• _Exercise input_:
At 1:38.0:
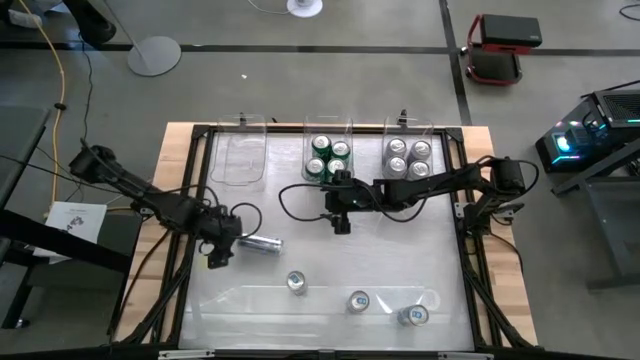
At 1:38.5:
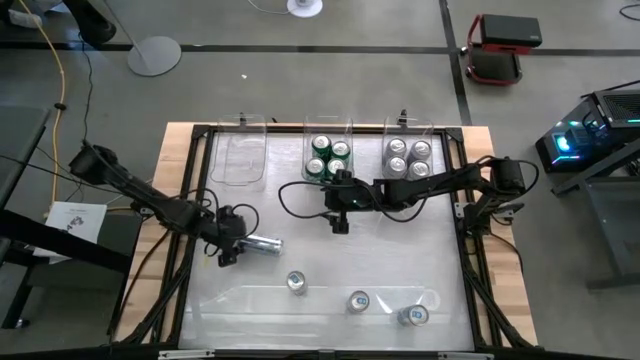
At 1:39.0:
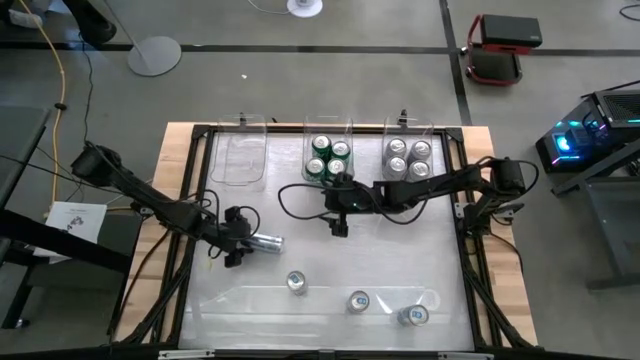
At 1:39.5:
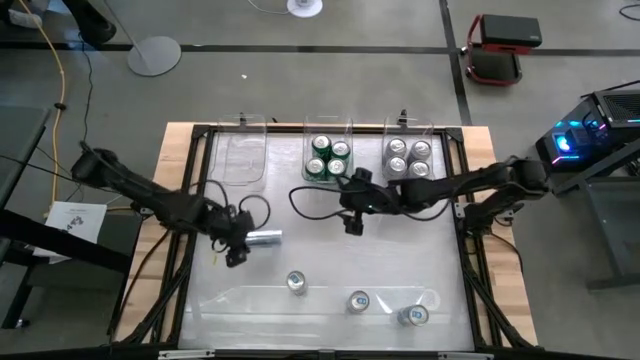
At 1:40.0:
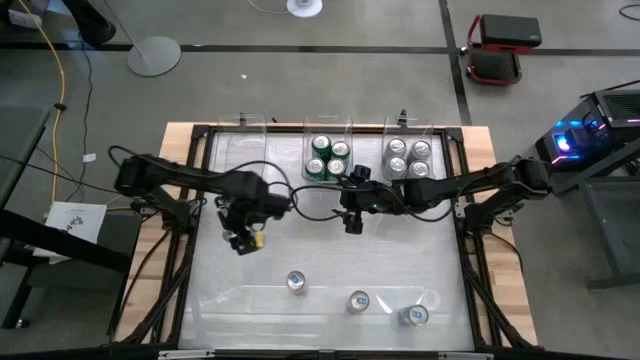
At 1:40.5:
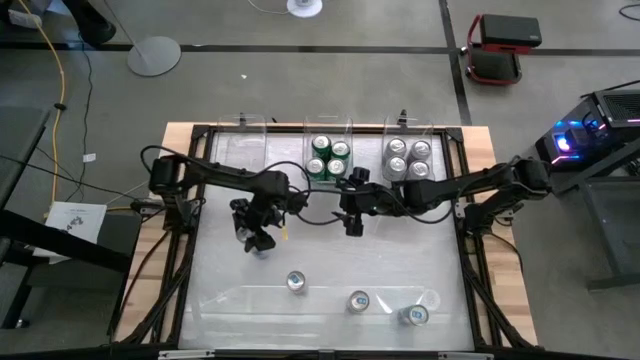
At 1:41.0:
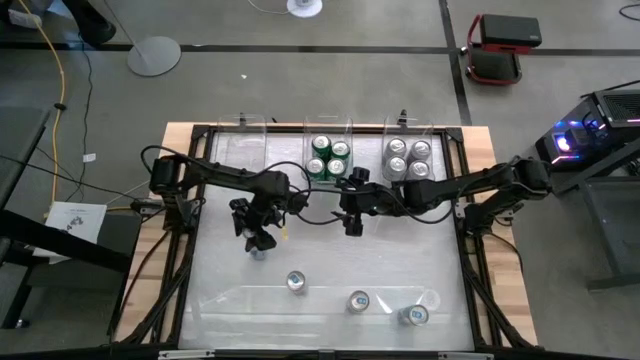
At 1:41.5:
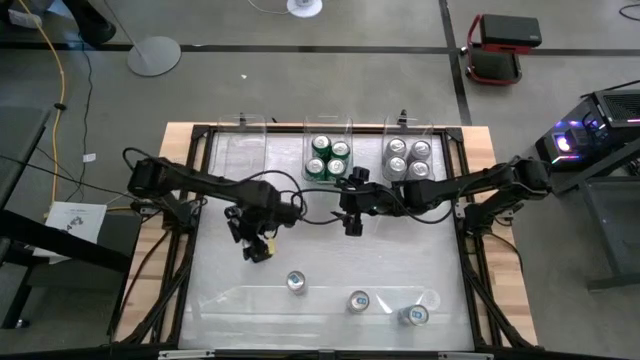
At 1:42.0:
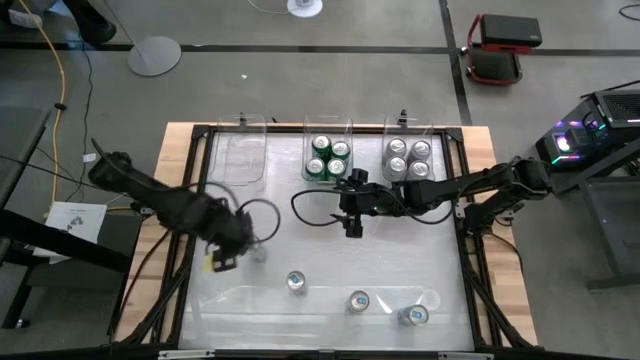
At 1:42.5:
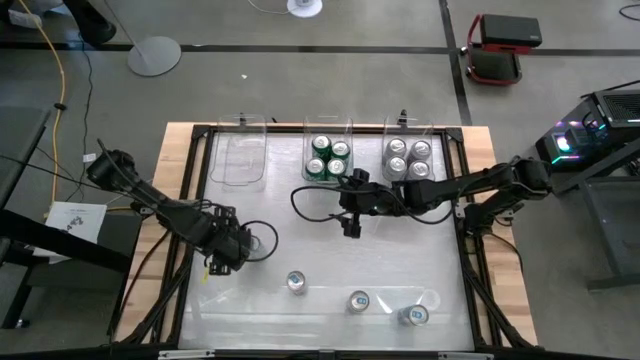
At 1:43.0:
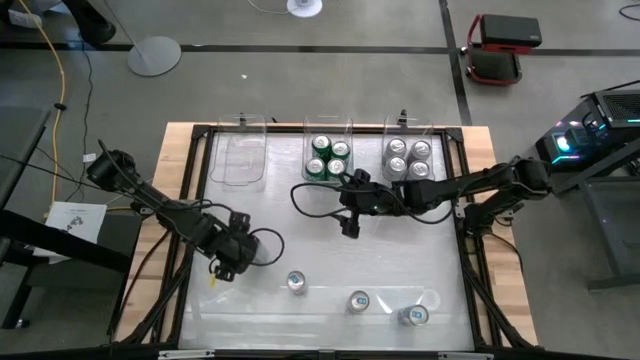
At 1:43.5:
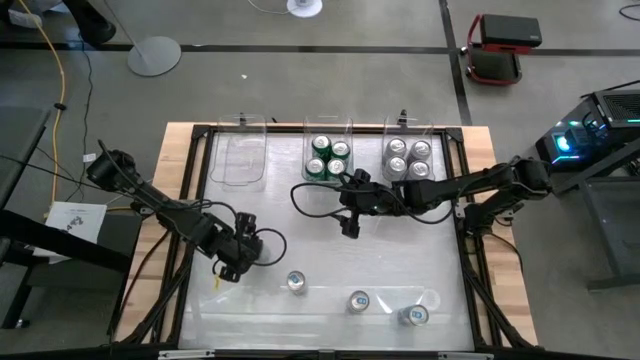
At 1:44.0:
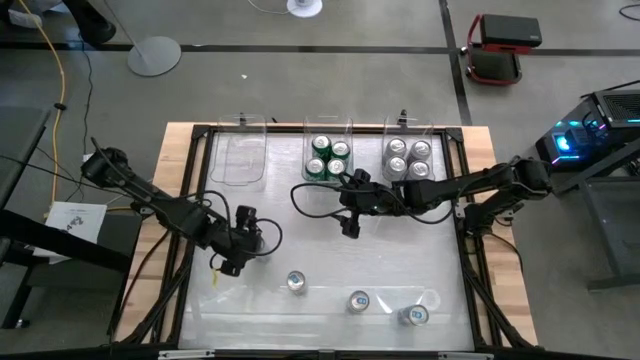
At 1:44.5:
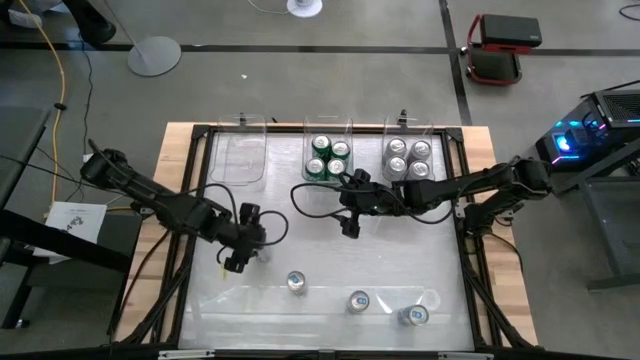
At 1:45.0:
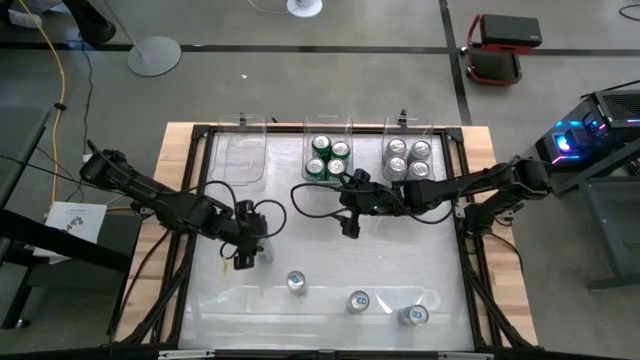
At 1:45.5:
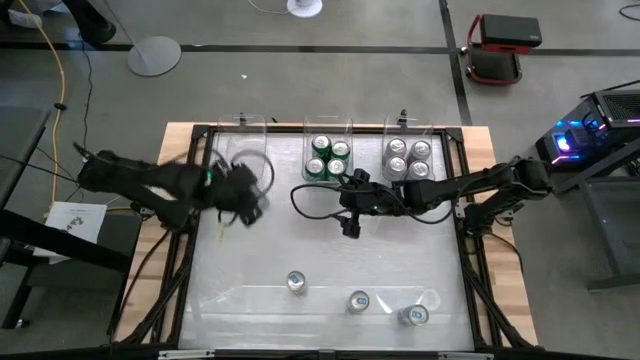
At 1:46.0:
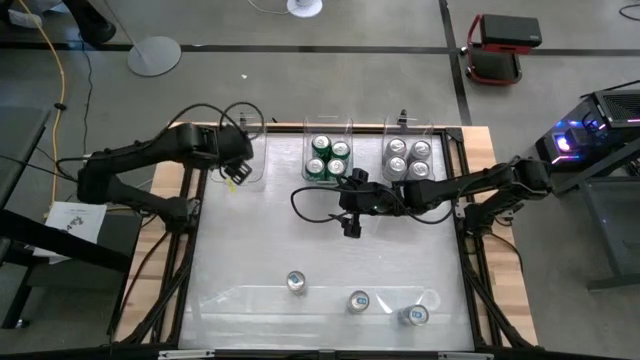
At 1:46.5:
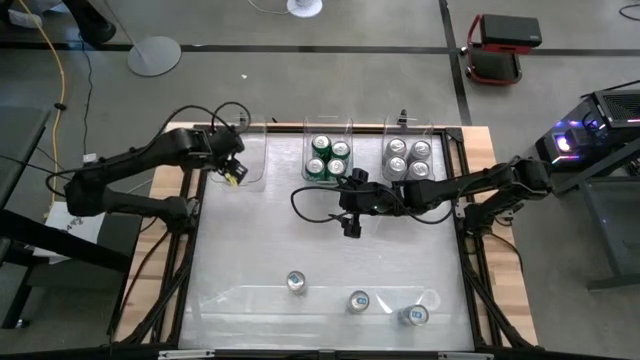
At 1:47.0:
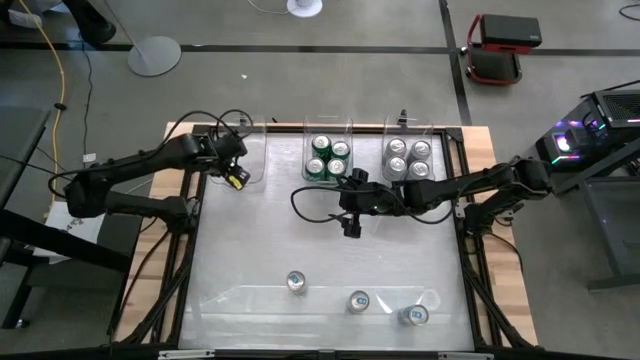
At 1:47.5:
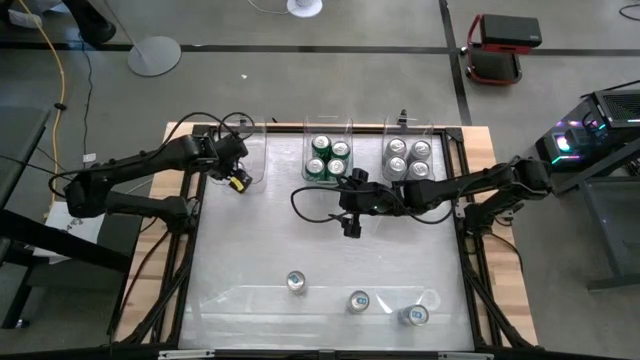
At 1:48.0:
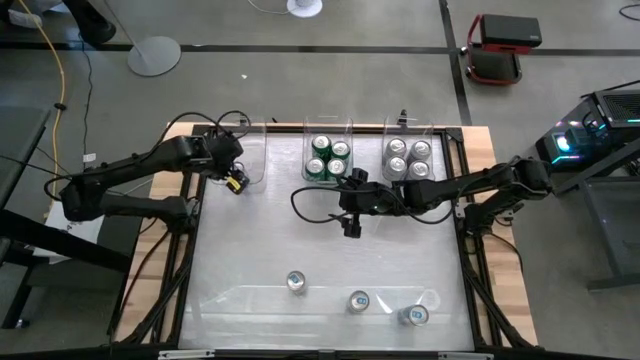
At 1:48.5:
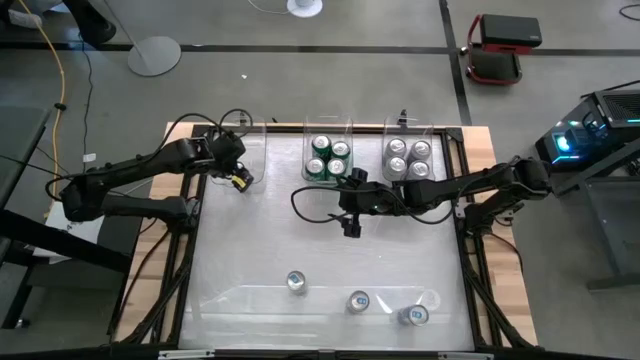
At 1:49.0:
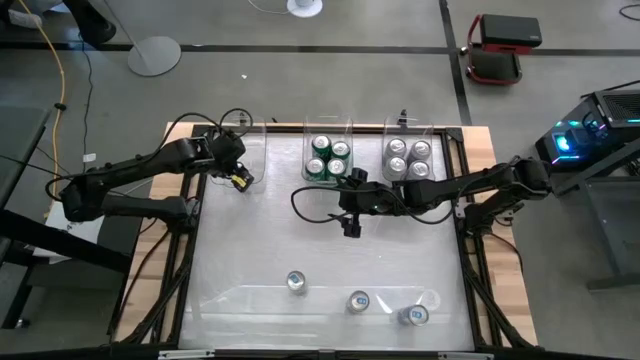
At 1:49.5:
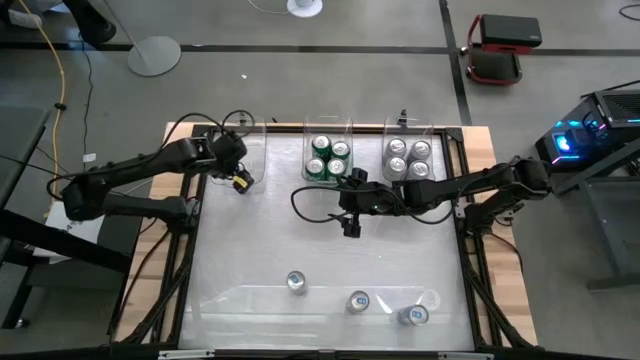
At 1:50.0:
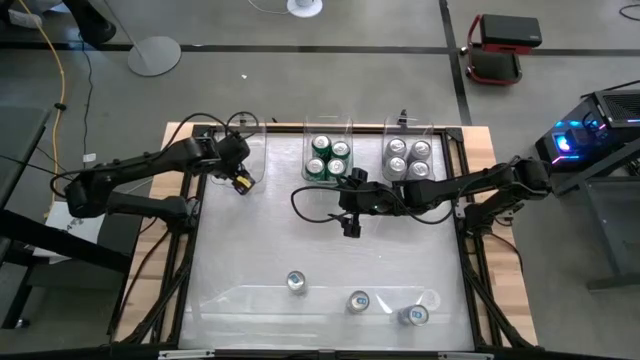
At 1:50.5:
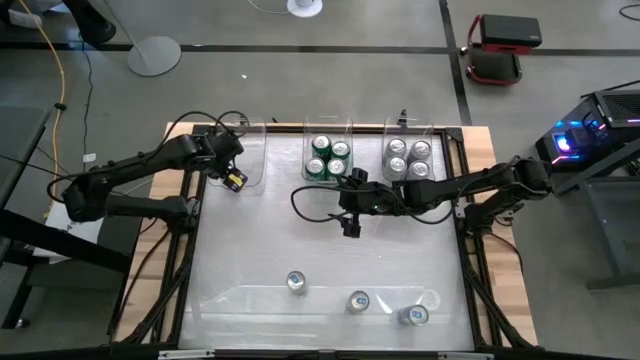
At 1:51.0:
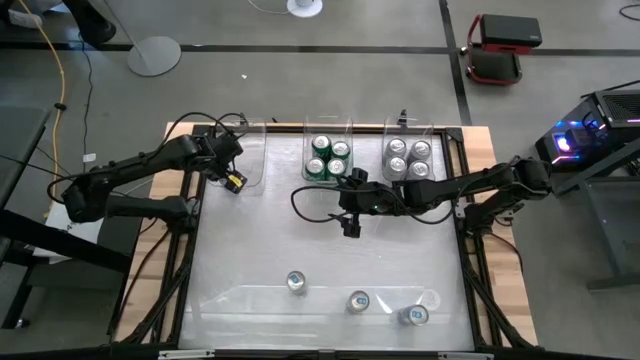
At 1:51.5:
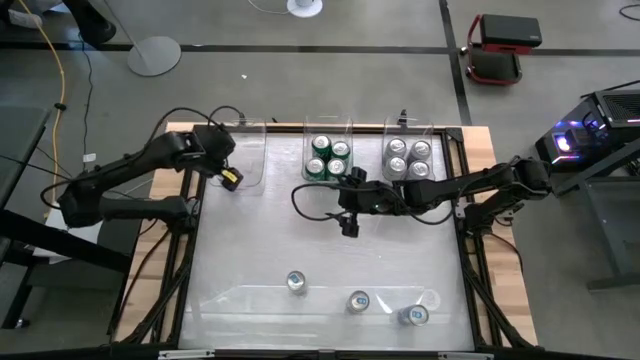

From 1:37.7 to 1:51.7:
Put the top left blue can into the left transparent bin

• _Activity_: Except for pictures, copy the records above exactly.

• _Answer to this task_:
At 1:38.0:
At 1:38.5:
At 1:39.0:
At 1:39.5:
At 1:40.0:
At 1:40.5:
At 1:41.0:
At 1:41.5:
At 1:42.0:
At 1:42.5:
At 1:43.0:
At 1:43.5:
At 1:44.0:
At 1:44.5:
At 1:45.0:
At 1:45.5:
At 1:46.0:
At 1:46.5:
At 1:47.0:
At 1:47.5:
At 1:48.0:
At 1:48.5:
At 1:49.0:
At 1:49.5:
At 1:50.0:
At 1:50.5:
At 1:51.0:
At 1:51.5:

From 1:37.7 to 1:51.7:
Put the top left blue can into the left transparent bin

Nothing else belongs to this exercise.